À l’occasion de l’actuel conflit du Proche Orient, beaucoup de pays amis d’Israël lui ont fait part de leur soutien « inconditionnel ». Cela partait certes d’un bon sentiment, vu l’émotion immédiate causée par les massacres du Hamas. Mais une fois celle-ci retombée, la formule a de quoi laisser perplexe.
Elle laisse à celui qui en bénéficie une totale carte blanche, lui permettant de répondre à l’agression comme il le veut. Ce dont ne s’est pas privé le pouvoir israélien, avec son intervention à Gaza, qui fait penser à la formule de Tacite à propos des exactions des Romains soi-disant pacificateurs : Ubi solitudinem faciunt, pacem appelant – Où ils font un désert, ils disent qu’ils font la paix.

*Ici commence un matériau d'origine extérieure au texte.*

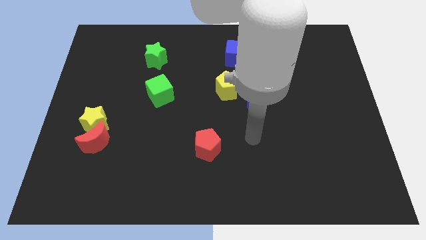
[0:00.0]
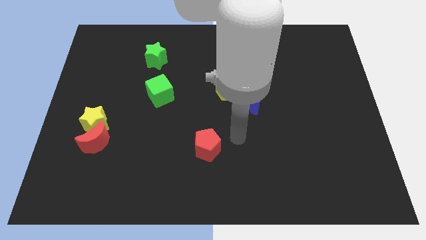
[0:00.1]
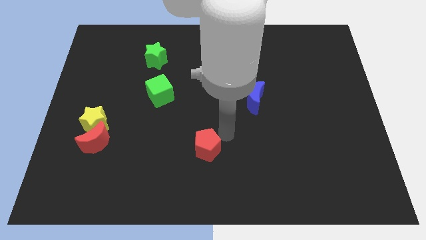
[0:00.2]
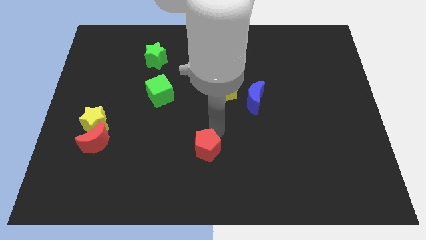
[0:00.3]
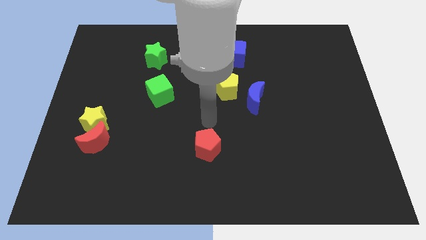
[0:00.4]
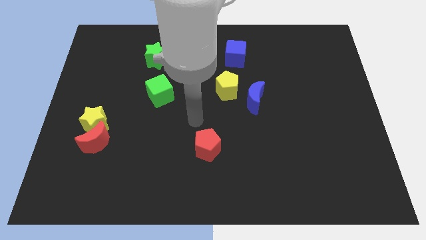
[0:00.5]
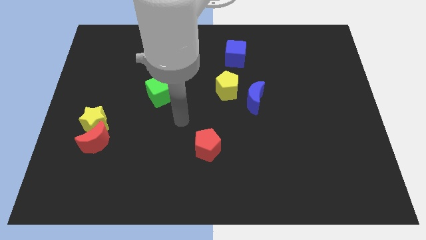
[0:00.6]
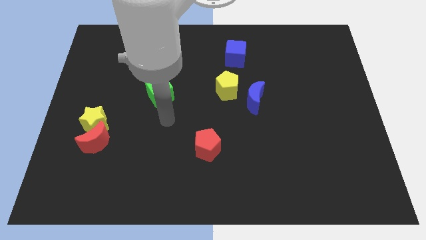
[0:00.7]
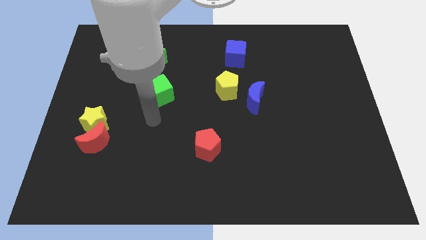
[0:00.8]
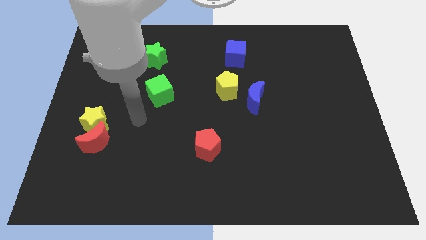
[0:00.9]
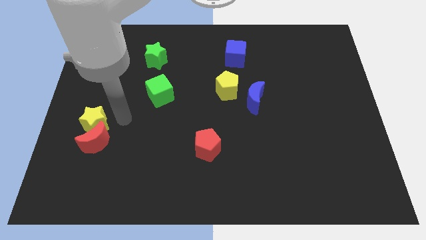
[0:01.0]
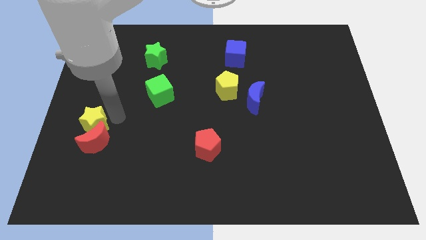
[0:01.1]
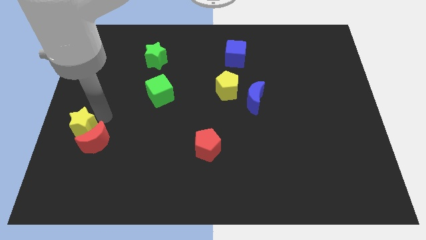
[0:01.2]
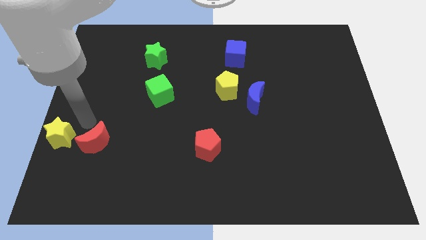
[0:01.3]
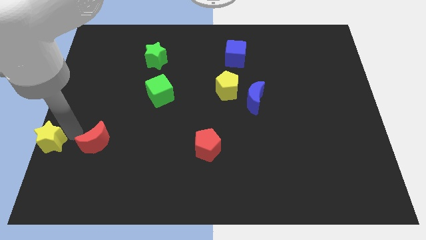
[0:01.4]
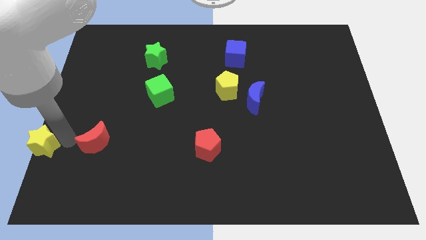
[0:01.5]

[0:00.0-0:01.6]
pull the red moon apart from the yellow star

On parle ici de loi du talion. Mais c’est se tromper sur l’expression. Car le talion (du latin talis, tel) est une notion déjà civilisatrice, destinée à modérer l’intensité de la vengeance. Il implique réciprocité, et donc proportionnalité, ce qui se résume dans la formule connue : « Œil pour œil, dent pour dent ». On met un frein à l’exercice de la violence. Ensuite tout au long du processus civilisateur ce sera à la justice de remplacer la vengeance elle-même.

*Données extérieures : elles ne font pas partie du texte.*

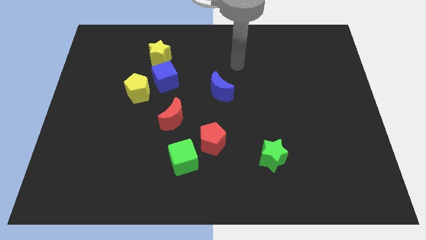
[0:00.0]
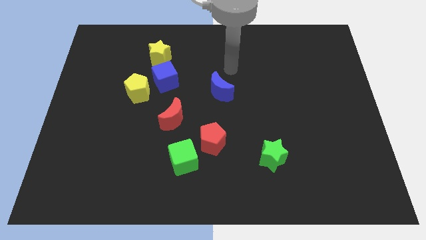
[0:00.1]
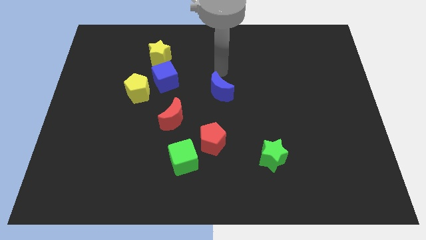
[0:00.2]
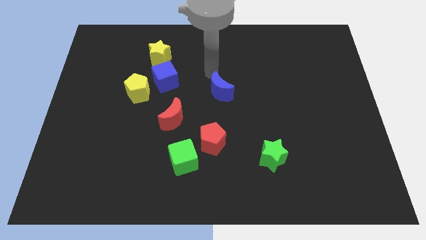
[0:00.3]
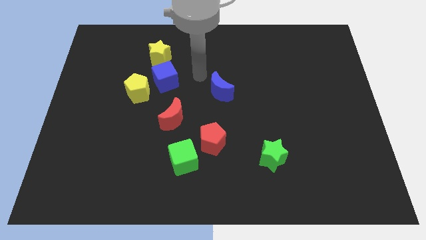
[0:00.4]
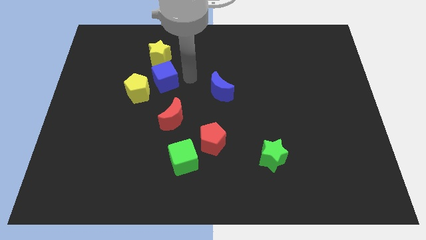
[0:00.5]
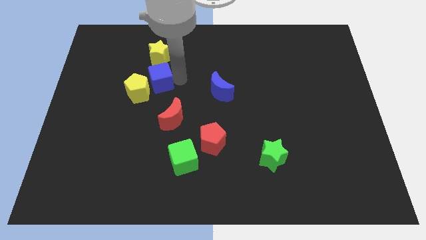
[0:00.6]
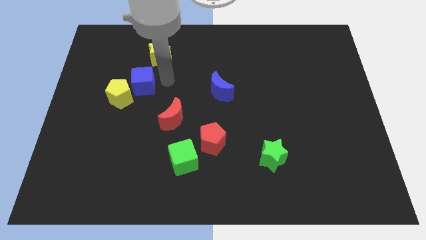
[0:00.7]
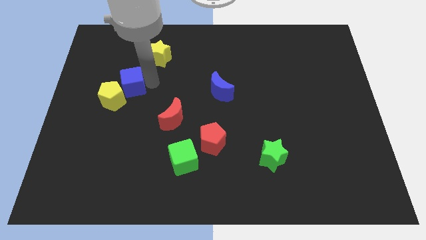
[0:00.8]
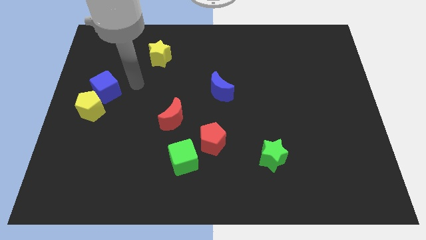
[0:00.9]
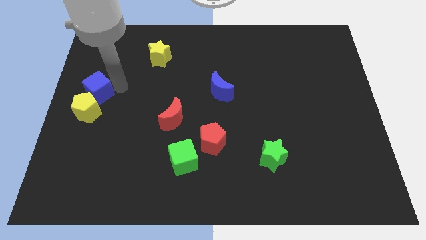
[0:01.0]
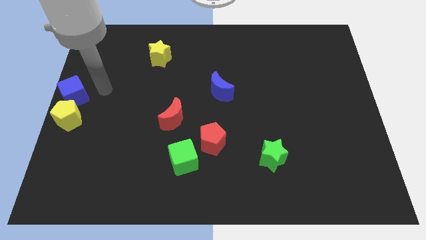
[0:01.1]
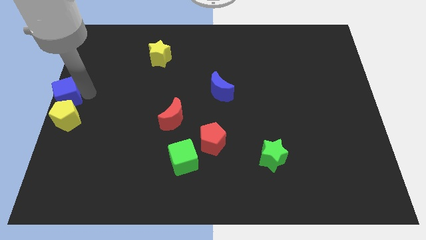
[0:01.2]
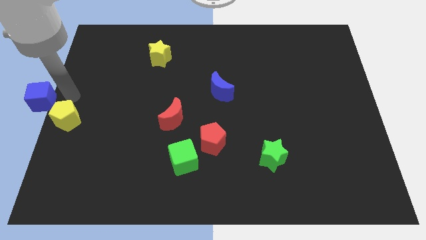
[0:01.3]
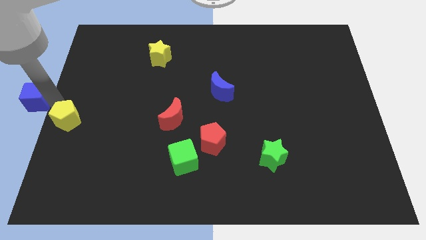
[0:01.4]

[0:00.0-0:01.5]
pull the yellow pentagon apart from the blue cube

Mais Israël se maintient actuellement dans le désir de vengeance, et dans les faits sa réaction est hors de toute proportion. Donc au-delà de toute raison, si on songe que raison (ratio) et proportion (proportio) ont la même racine latine. La ligne qu’il a choisie fait penser à ce que dit la femme autoritaire chez Juvénal : Hoc volo, sic jubeo, sit pro ratione voluntas ! – Je le veux, je l’ordonne, et que ma volonté tienne lieu de raison !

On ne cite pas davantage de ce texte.